• _EXERCISE GOAL_
Would you please output the lines from the one holding "page: 38 of 73" to the end of the entries, exactly and with no others?

[Saved data entries]

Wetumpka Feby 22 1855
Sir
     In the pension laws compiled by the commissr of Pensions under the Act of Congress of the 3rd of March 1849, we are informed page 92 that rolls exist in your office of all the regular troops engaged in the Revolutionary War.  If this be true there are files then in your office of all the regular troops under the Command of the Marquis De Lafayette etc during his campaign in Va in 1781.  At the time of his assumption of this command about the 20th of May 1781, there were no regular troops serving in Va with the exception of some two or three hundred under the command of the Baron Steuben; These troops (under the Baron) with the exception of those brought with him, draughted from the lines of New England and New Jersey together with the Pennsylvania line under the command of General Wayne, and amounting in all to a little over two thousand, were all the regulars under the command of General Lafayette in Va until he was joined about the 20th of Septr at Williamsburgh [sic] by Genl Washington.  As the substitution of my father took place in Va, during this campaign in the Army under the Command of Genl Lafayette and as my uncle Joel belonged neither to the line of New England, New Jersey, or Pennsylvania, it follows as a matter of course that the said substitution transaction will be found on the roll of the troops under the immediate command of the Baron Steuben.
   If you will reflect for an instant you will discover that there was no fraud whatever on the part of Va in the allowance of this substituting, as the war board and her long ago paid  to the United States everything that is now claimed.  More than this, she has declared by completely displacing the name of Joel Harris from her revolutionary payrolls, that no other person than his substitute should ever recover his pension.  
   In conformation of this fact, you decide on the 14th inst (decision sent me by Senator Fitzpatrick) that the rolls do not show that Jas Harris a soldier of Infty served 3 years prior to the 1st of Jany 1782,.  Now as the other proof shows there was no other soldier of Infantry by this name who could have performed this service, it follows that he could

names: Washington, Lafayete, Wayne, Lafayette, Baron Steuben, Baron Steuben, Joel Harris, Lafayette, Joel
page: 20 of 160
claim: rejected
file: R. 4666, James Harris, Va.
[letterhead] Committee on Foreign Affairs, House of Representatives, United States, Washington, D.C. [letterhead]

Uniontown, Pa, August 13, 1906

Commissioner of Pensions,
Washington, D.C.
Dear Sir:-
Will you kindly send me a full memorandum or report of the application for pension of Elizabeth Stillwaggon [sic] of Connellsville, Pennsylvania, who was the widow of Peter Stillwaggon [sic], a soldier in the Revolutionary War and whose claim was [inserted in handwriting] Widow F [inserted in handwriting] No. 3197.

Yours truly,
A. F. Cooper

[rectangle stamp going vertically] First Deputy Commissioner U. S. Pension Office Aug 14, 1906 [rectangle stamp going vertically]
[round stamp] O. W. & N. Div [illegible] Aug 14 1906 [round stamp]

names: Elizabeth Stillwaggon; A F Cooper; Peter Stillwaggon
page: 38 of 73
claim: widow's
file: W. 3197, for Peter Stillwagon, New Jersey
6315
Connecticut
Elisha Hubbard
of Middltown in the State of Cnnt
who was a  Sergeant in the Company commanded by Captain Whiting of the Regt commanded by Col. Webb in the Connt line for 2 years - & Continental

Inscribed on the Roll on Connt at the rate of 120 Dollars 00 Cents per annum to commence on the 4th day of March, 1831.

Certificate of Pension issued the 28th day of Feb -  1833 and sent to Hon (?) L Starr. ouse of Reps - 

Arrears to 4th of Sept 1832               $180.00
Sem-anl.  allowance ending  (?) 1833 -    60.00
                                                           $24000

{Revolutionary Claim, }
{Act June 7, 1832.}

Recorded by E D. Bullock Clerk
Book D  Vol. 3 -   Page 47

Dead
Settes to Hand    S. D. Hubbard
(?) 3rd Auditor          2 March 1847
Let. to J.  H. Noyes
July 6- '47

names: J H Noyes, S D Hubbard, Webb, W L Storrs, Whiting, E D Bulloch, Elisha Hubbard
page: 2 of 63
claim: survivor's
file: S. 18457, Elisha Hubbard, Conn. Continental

• _REPLY_
page: 38 of 73
claim: widow's
file: W. 3197, for Peter Stillwagon, New Jersey
6315
Connecticut
Elisha Hubbard
of Middltown in the State of Cnnt
who was a  Sergeant in the Company commanded by Captain Whiting of the Regt commanded by Col. Webb in the Connt line for 2 years - & Continental

Inscribed on the Roll on Connt at the rate of 120 Dollars 00 Cents per annum to commence on the 4th day of March, 1831.

Certificate of Pension issued the 28th day of Feb -  1833 and sent to Hon (?) L Starr. ouse of Reps - 

Arrears to 4th of Sept 1832               $180.00
Sem-anl.  allowance ending  (?) 1833 -    60.00
                                                           $24000

{Revolutionary Claim, }
{Act June 7, 1832.}

Recorded by E D. Bullock Clerk
Book D  Vol. 3 -   Page 47

Dead
Settes to Hand    S. D. Hubbard
(?) 3rd Auditor          2 March 1847
Let. to J.  H. Noyes
July 6- '47

names: J H Noyes, S D Hubbard, Webb, W L Storrs, Whiting, E D Bulloch, Elisha Hubbard
page: 2 of 63
claim: survivor's
file: S. 18457, Elisha Hubbard, Conn. Continental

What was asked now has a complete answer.